Created in 1985, the work was commissioned by the Cincinnati Art Museum. That same year, Rose broke Major League Baseball’s all-time hits record. Warhol based the composition on a photograph taken by Cincinnati photographer Gordon Baer. In keeping with his Pop Art approach, Warhol produced four acrylic-on-canvas images. On each one of them he screened and painted bold variations of red, yellow, blue, and white. He later created 50 screen-print impressions of one of the four versions, capturing Rose as both athlete and celebrity. The bright palette mirrored Rose’s persona—confident, flamboyant, and larger than life. Two years later, Warhol passed away. Not long after, Rose was banned from baseball for gambling, lending the portrait an unintended sense of irony and finality.
Pete Rose 360B in Warhol’s Larger Body of Work
As one of Warhol’s late-period celebrity portraits, Pete Rose 360B merges popular culture with personal mythology. Warhol used acrylic paint on canvas, repeating Rose’s right-handed batting stance in four silkscreen variations. The result is a vibrant homage to American sports heroes—figures whose fame paralleled that of movie stars and rock musicians.
“It was so brilliant of Andy to make it into a baseball card,” recalled Carl Soloway, the Cincinnati art dealer who proposed the project. “And that’s so interesting because baseball cards are collectible and negotiable. So it was a statement about the commercialization of art, just like his soup cans are about the commercialization of branding.”

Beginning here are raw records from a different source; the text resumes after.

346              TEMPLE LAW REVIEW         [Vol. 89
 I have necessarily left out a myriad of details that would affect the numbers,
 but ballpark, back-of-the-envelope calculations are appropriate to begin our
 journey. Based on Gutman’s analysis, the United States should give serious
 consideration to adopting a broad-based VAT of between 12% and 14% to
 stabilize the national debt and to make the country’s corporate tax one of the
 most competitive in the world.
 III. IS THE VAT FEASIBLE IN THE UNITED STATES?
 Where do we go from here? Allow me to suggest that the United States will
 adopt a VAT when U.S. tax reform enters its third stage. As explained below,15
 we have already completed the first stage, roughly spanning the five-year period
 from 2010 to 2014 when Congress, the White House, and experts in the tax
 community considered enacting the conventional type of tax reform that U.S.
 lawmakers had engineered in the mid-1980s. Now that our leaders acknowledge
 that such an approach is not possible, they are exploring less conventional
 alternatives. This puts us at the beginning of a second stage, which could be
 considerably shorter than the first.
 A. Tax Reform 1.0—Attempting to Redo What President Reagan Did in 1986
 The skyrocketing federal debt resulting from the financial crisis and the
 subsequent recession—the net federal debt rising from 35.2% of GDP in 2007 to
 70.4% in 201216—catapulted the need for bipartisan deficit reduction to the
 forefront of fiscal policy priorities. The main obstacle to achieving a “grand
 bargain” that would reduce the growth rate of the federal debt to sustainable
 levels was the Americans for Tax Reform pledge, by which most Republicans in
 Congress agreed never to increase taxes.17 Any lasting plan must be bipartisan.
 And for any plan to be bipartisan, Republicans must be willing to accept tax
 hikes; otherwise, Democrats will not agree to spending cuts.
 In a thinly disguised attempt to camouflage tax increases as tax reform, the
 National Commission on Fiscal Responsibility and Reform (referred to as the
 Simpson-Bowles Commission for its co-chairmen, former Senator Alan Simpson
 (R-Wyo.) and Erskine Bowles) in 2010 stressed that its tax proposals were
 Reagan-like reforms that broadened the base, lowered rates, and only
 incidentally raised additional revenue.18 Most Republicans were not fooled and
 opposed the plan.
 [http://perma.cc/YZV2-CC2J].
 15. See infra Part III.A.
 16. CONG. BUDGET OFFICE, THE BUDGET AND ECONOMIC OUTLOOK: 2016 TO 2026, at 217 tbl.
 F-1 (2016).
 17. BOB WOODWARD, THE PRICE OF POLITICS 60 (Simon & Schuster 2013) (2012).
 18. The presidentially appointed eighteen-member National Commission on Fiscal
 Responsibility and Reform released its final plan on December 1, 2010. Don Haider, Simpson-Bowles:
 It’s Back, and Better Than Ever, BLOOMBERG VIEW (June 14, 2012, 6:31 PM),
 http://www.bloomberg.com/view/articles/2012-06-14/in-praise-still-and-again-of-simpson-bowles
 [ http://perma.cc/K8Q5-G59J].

Indeed, Pete Rose 360B reflects Warhol’s lifelong fascination with fame, value, and replication. Much like his portraits of Mick Jagger and Marilyn Monroe, this work transforms a public figure into a cultural symbol. Warhol recognized that both athletes and celebrities functioned as modern-day icons—commodities as much as individuals. By presenting Rose within the glossy format of a collectible card, captured the athlete at the intersection of sport, fame, and commerce.